Background technology
Sensor positioning is an important component part in electronic warfare system, resource allocation, task scheduling, target with
The highly difficult task such as track is required for based on accurate positioning.Organize multiple different classes of reconnaissance sensors to perform collaboration to detect
Examine the developing direction that location tasks are current electronic warfares.Traditional single-sensor independently scouts positioning due to by environment, enemy
Many restrictions such as square situation, self performance, it is difficult to meet the demand of modern electronic warfare.Because sensor node itself has nothing
Line communication capacity, it is easy to obtain signal strength values, so RSSI is a kind of convenience, cheap ranging technology.
For different co-located models, for multi-sensor cooperation orientation problem, some correlations are had abroad and is ground
Study carefully achievement.Jeongsu Lee of Information And Communication university et al. devise a kind of military mobile base station alignment system, and the system is same
Shi Liyong RSSI and AOA signal carries out mixed positioning, can faster orient the small range region at target place;But be not suitable for
It is accurately positioned.Tian He of University of Virginia et al. propose a kind of APIT algorithms, using communication information and section between node
The relative distance that the RSSI value that the neighbor node that point is received sends is come between decision node, with the simple calculation using communication information
Method is compared, and can effectively improve positioning precision;But the algorithm needs each node to have good information processing capability, is positioned to
This is higher.
The country also has some achievements in research in terms of multi-sensor cooperation positioning.The such as Wang Shanshan of the National University of Defense technology
People proposes a kind of RSSI-NLP algorithms, according to the RSSI value between node calculate can between communication node distance relativeness, and
Positioned with reference to the method for linear programming, there is preferable locating effect;But with the increase of unknown node number, positioning precision meeting
Drastically decline.Xiong Zhiguang of University Of Chongqing et al. proposes the RSSI positioning strategies based on intermediate value principle with space compensation model, real
Show compromise on algorithm complex and positioning performance;But its positioning result is overly dependent upon the quality of localizing environment.

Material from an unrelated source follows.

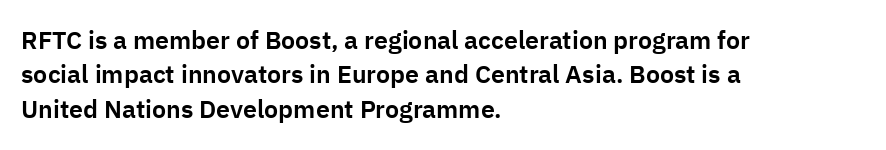
{"italic": "no", "underline": "no", "align": "left", "line_spacing": "normal", "line_spacing_ratio": 1.38, "letter_spacing": "normal", "letter_spacing_em": 0.0, "glyph_px": 25}
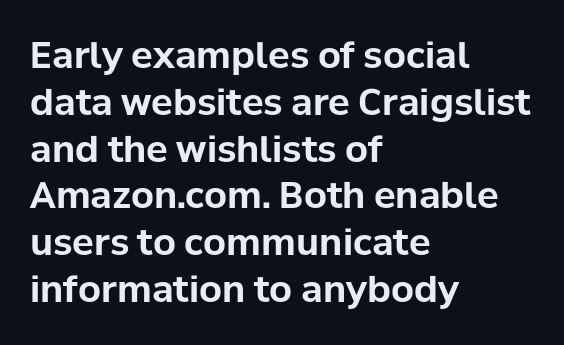
{"serif": "no", "italic": "no", "bold": "yes", "weight": "bold", "width": "normal", "stroke_contrast": "low", "x_height": "medium", "monospaced": "no", "underline": "no", "align": "left", "line_spacing": "normal", "line_spacing_ratio": 1.3, "letter_spacing": "normal", "letter_spacing_em": 0.0, "glyph_px": 36}

Existing location algorithm has both sides not enough mostly:One side is that the complexity of location algorithm is too high, in node
In the more network of number, the computing capability that often seems is not enough;On the other hand it is the accumulation of error, sentences due to lacking effective error
Other method, even the error of very little all can constantly be accumulated in position fixing process in initial alignment environment, ultimately results in
The decline of positioning precision.
The content of the invention
It is an object of the invention to provide a kind of effective anchor node choosing method based on RSSI.

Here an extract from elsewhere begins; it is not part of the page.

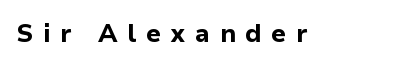
Q: Is the text bold? A: Yes.
Q: Is the text italic (slanted)? A: No, it is upright.
Q: Is the text underlined? A: No.
Q: Is the spacing between letters normal or unusually wide? A: Unusually wide.

The technical solution for realizing the object of the invention is:A kind of effective anchor node choosing method based on RSSI, specifically
Comprise the following steps:
Each anchor node broadcasts its own position and its RSSI signal in step 1, positioning scene;
Step 2, for each anchor node Bi, receiving in its communication radius R after the signal of other anchor nodes, calculate Bi
Zone routing loss index n (Bi);
Step 3, determine constraints, set up effective anchor node Selection Model;
Step 4, anchor node is screened according to constraints, select the effective anchor node set without barrier around
S。
Compared with prior art, its remarkable advantage is the present invention:1) present invention has according to sensor local environment dynamic select
It is positioned after effect anchor node is carried out, and effectively reduces the impacts of the factor to positioning result such as environmental disturbances.2) present invention is for classics
Path loss index takes the mode of empirical value to be improved, the path being dynamically determined according to sensor local environment between node
Loss index.3) present invention will be applied to wireless senser co-located field based on effective anchor node Selection Model of RSSI,
Co-located precision and co-located coverage rate can be significantly improved, error accumulation is prevented.
Description of the drawings
Fig. 1 is based on effective anchor node Selection Model flow chart of RSSI.
Fig. 2 is example experiment figure.
Fig. 3 is the node localization coverage figure of error threshold α.
Fig. 4 is the node locating Error Graph of error threshold α.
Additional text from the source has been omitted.